Auroracoda - not only is she sweet but she was the first stranger to reach across the internet and slap me upside my head for something stupid.. and I will forever be in her debt! She doesn’t blog much anymore.. being a newlywed and moving to India.. but I know she’s still sweet!

… and to Gary.

Gary already has one but if I could give it to him again, I would!

… I think I skipped a week.

Not sure.

But if I did.. I apologize. Too much stuff going on!

Anyway so continuing in the tradition, here’s the next installment of TMI Thursday.

Have to warn you.. this is REALLY TMI so if you THINK you might be the LITTLEST bit offended, then I suggest you stop reading.

RIGHT NOW!!

Okay..

I have this friend Big Al.

Big Al is this flaming, rainbow flag waver wrapped up inside a 6′2″ corporate suit body. he’s my oldest friend and he was actually my go-to guy when I needed a Dago Dong made.

Anyway.. more then a few years ago, he tells me that he had gone upstate to get a tattoo and wound up getting his.. um.. err.. well.. he wound up getting the tip of his dick pierced. I think they call it a “Prince Albert” piercing but what the hell do I know.

Big Al tells me that the husband and wife team that owns the tattoo place are really, really cool people and that they’ve become really good friends and that they were traveling down from upstate to spend the weekend with him.. and HEY! WOULDN’T IT BE JUST FANTASTIC IF YOU GOT YOUR HOO-HA PIERCED??

ME: My what?
HIM: Your Hoo-Ha.
ME: My Hoo-WHAT?
HIM: Your “thing?”
ME: My THING??????
HIM: (totally frustrated now) YOU KNOW WHAT I’M TALKING ABOUT YOU BITCH!
ME: (hysterically laughing) Ohhhhh… you mean my [edited for content]. Why the hell didn’t you just say [edited for content], you asshole?
HIM: BECAUSE! I don’t like that word.
ME: You have your dick pierced but don’t like the word [edited for content]? You’re fucking weird!

Anyway.. I have to tell you that I never thought about getting my [edited for content] pierced. Never crossed my mind and I wasn’t considering it after Big Al’s suggestion.

But he kept on it and on it and on it and the day before this couple was to arrive at his house, I figured “.. why the hell not.” ‘Cuz.. yknow.. y’all should know that I’m more then a little bit left of center!

He got SO freakin’ excited! He tells me that this couple is all about Mother Earth .. and Pele… and how our bodies are temples to be adorned and appreciated and taken care of.

Y’know, the “New Age” crap.

NOTE: Apologies to any New Agers out there reading this.

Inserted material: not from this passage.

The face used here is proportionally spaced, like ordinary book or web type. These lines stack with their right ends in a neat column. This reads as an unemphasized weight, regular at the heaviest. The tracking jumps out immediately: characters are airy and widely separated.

To be honest, I just let it go in one ear and out the other. Whatever. He tells me that they’ll come to my house because it has my energy and whatever and I told him that I really didn’t care as long as he was there because there was no way in hell that I was going to let a New Age couple from upstate monkey around my HOO HA!

So fast foward to the next day and Big Al arrives with this couple who looked NOTHING like what I thought they would look. Visualize Ken and Barbie meet the Stepford Wives.

So Barbie starts scoping around my house to find JUST THE RIGHT area with the BEST VIBES and settles on a corner in my living room. She moves my chaise lounge into the corner and starts to cover it with this sheet.

Nope. No way. There’s no way I’m putting my butt on a sheet that I didn’t launder myself. I didn’t know if there were any errant pubic hairs lingering around.

Sorry. Just the way I am.

She was a little put off about that.. but Big Al kind of gave her an eye roll that ALL TOO OBVIOUSLY said, “.. yeah, I know she’s strange but just put up with her.”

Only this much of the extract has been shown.